- _WHAT YOU ARE ASKED TO DO_
The reply should consist solely of the lines from the one with "LaTeX: \int d" through the final line of the listing, copied exactly, with no pictures.

- _DATASET RECORDS_
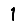
Digit: 1
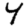
Digit: 4
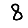
Digit: 8
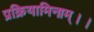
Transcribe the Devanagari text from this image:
प्रक्रियामिनाम्।।
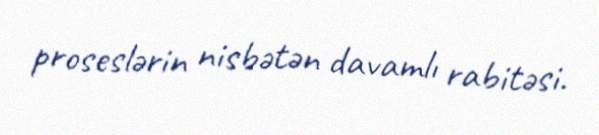
proseslərin nisbətən davamlı rabitəsi.
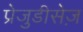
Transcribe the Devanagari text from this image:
प्रेजुडीसेज़
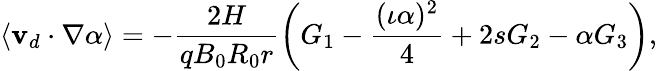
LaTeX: \langle\mathbf{v}_{d}\cdot\nabla\alpha\rangle=-\frac{2H}{qB_{0}R_{0}r}\left(G_{1}-\frac{(\iota\alpha)^{2}}{4}+2sG_{2}-\alpha G_{3}\right),
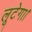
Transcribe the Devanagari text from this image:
लूटेगा।
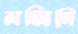
মজিদি
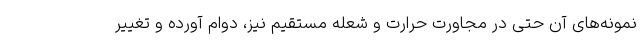
نمونه‌های آن حتی در مجاورت حرارت و شعله مستقیم نیز، دوام آورده و تغییر
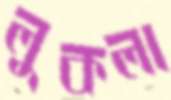
লুকলা
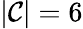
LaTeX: |\mathcal{C}|=6
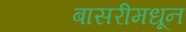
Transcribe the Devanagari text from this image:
बासरीमधून
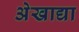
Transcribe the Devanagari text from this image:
अेखाद्या
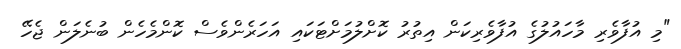
"މި އުފާވެރި މާހައުލުގެ އުފާވެރިކަން އިތުރު ކޮށްލުމަށްޓަކައި އަހަރެންވެސް ކޮންމެހެން ބުނެލަން ޖެހޭ
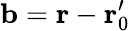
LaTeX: \mathbf{b}=\mathbf{r}-\mathbf{r}_{0}^{\prime}
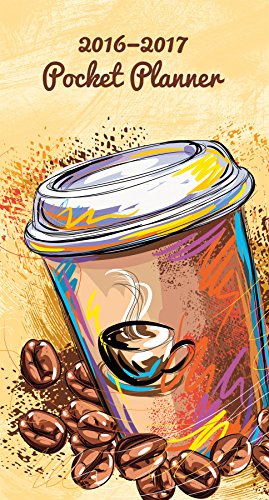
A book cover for Coffee 2016 Pocket Planner; Trends International; Calendars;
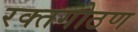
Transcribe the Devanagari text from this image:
रक्तगोठण
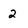
Character: 2
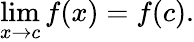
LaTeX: \operatorname*{lim}_{x\to c}{f(x)}=f(c).
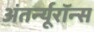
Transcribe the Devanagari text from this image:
अंतर्न्यूरॉन्स
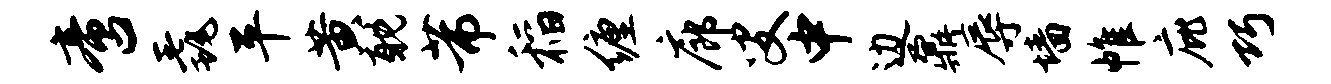
啻毳平黄耽芾稻缠廊叟中边鼐辱墙帷庇巧
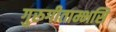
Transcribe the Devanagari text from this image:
गुरुगीताम्भसि
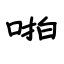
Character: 啪
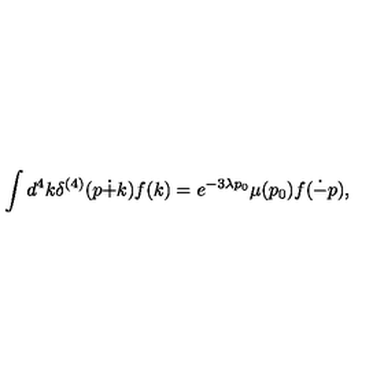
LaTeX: \int d ^ { 4 } k \delta ^ { ( 4 ) } ( p \dot { + } k ) f ( k ) = e ^ { - 3 \lambda p _ { 0 } } \mu ( p _ { 0 } ) f ( \dot { - } p ) ,
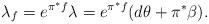
LaTeX: \begin{align*}\lambda_{f}=e^{\pi^{*}f}\lambda=e^{\pi^{*}f}(d\theta+\pi^{*}\beta).\end{align*}
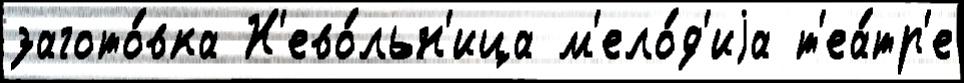
загото́вка Н'ево́льн'ица м'ело́д'иjа т'еа́тр'е
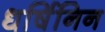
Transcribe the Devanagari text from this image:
धर्षिनिन
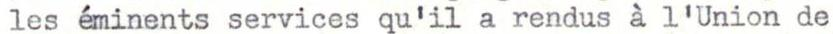
les éminents services qu'il a rendus a l'Union de
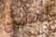
لعميل
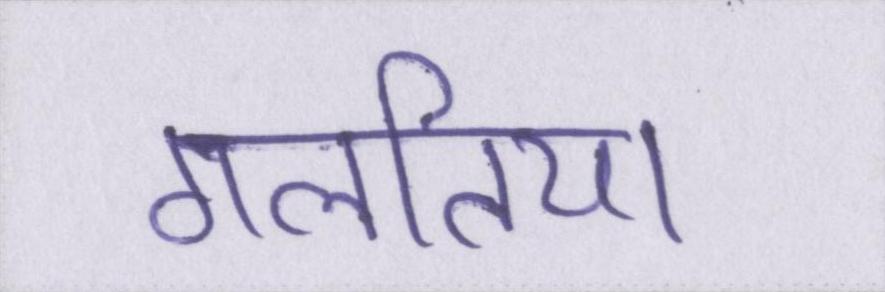
गलतिया
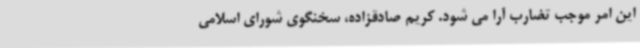
این امر موجب تضارب آرا می شود. کریم صادقزاده، سخنگوی شورای اسلامی
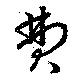
費
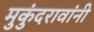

- _YOUR SOLUTION_
LaTeX: \int d ^ { 4 } k \delta ^ { ( 4 ) } ( p \dot { + } k ) f ( k ) = e ^ { - 3 \lambda p _ { 0 } } \mu ( p _ { 0 } ) f ( \dot { - } p ) ,
LaTeX: \begin{align*}\lambda_{f}=e^{\pi^{*}f}\lambda=e^{\pi^{*}f}(d\theta+\pi^{*}\beta).\end{align*}
загото́вка Н'ево́льн'ица м'ело́д'иjа т'еа́тр'е
Transcribe the Devanagari text from this image:
धर्षिनिन
les éminents services qu'il a rendus a l'Union de
لعميل
गलतिया
این امر موجب تضارب آرا می شود. کریم صادقزاده، سخنگوی شورای اسلامی
費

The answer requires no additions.